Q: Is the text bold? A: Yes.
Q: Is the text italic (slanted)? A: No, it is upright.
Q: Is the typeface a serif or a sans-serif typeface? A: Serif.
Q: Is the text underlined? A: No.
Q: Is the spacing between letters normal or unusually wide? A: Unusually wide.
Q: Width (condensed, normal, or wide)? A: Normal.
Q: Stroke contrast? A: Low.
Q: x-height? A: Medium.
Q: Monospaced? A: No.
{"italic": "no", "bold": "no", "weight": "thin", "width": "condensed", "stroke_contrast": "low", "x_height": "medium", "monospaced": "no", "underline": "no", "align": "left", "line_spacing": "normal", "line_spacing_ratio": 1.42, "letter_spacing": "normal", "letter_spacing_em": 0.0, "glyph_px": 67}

----

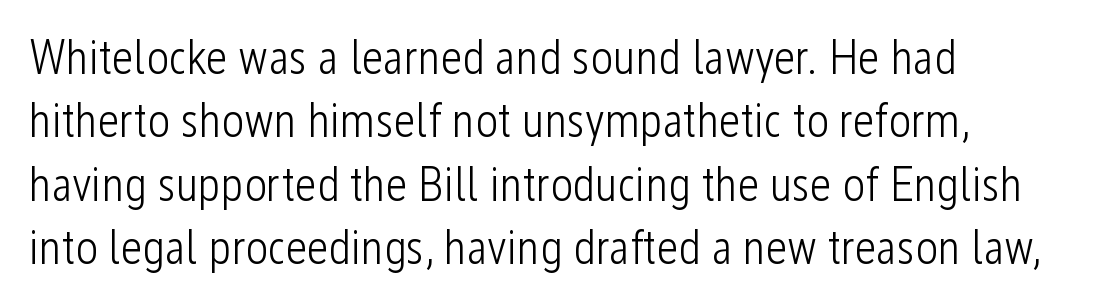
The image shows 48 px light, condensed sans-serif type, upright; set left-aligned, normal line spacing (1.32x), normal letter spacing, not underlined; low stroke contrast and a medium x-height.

----

§ **Your task**: Return a copy of every line in the records that includes the string "text".

§ **Result of this exercise**:
Q: Is the text bold? A: Yes.
Q: Is the text italic (slanted)? A: No, it is upright.
Q: Is the text underlined? A: No.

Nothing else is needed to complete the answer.